CFCH-FM
- Chase, British Columbia; Canada;
- Frequency: 103.5 MHz

Ownership
- Owner: Chase and District Community Radio Society

History
- First air date: 2005
- Last air date: August 31, 2014

Technical information
- ERP: 4.7 watts
- Transmitter coordinates: 50°49′N 119°41′W﻿ / ﻿50.817°N 119.683°W

= CFCH-FM (British Columbia) =

Former radio station in British Columbia, Canada

CFCH-FM was a Canadian community radio station that broadcast at 103.5 FM in Chase, British Columbia, last owned by the Chase and District Community Radio Society.

==History==
On October 6, 2004, the CRTC approved the Chase and District Lions Community Club's application to operate an English-language developmental community FM radio station, broadcasting at 103.5 MHz with an effective radiated power of 4.7 watts. The station commenced broadcasting in 2005. Ownership was transferred to the Chase and District Community Radio Society in 2007.
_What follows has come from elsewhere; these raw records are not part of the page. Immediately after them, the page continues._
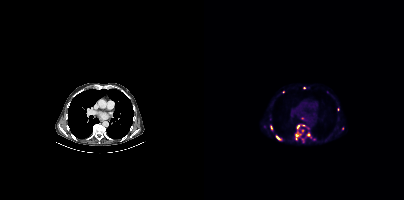
{"pet_grid":[200,200],"coord_frame":"pet_panel","coord_format":"x0,y0,x1,y1","partial":true,"lesion_bboxes":[[91,132,97,139],[72,136,76,139],[93,125,95,129]],"small_foci_centers":[[98,130],[67,127],[104,134],[99,125],[138,128],[79,91]],"modality":"PSMA PET/CT","view":"axial","tracer":"18F-PSMA"}
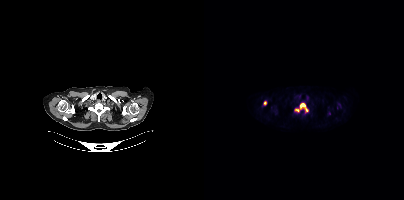
Technique: Paired axial CT (left) and PSMA PET (right), 18F tracer.
Findings: Coordinates are on the 200×200 PET (right) panel. PSMA-avid tumor lesion bounding boxes (x0, y0)-(x1, y1): (91, 103)-(104, 112); (59, 101)-(62, 105).
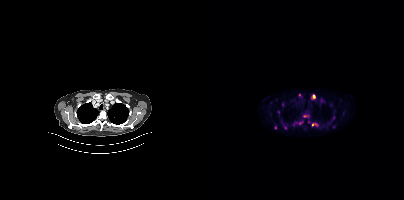
modality: PSMA PET/CT | tracer: 18F-PSMA | view: axial | PET grid: 200×200
Coordinates are on the 200×200 PET (right) panel. (showing 9 of 11 foci) PSMA-avid tumor lesion bounding boxes (x, y, width, height): x=91 y=121 w=6 h=4 | x=108 y=123 w=6 h=4. Small PSMA-avid foci (2 to 4 px across) near (center x, center y): (110, 96) | (100, 116) | (81, 128) | (95, 95) | (78, 103) | (71, 127) | (129, 117).
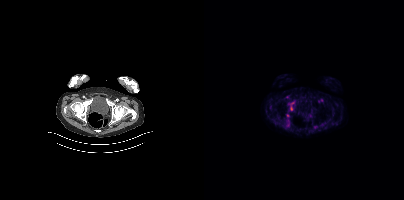
Two-panel axial: CT | PSMA PET, [18F]PSMA-1007 tracer. Acquired on Siemens Biograph mCT Flow 20. Slice 64 of 421. PET panel 200×200 px (4.1 mm/px). No PSMA-avid tumor lesions on this slice.

On August 1, 2008, the CRTC approved the radio society's application for a regular, English-language, low-power Type B community FM radio station at 103.5 MHz (channel 278LP) with an effective radiated power of 19.7 watts.
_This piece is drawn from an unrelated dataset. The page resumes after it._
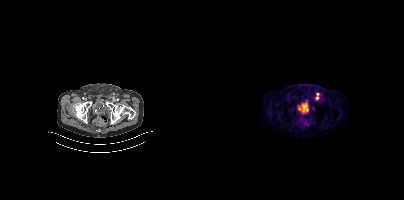
Coordinates are on the 200×200 PET (right) panel. Small PSMA-avid foci (2 to 4 px across) near (center x, center y): (113, 98), (113, 94), (101, 103).

CFCH-FM ceased broadcasting on August 31, 2014, due to lack of community support. The society requested the CRTC revoke its broadcasting license, approved October 14, 2014.

==Call sign==

CFCH was the call sign used by a radio station in North Bay, Ontario, known today as CKFX-FM. On May 25, 2020, Vista Radio, which owns CFXN-FM, was approved to operate a new FM radio station in North Bay and has reused the CFCH-FM call sign since June 15, 2021.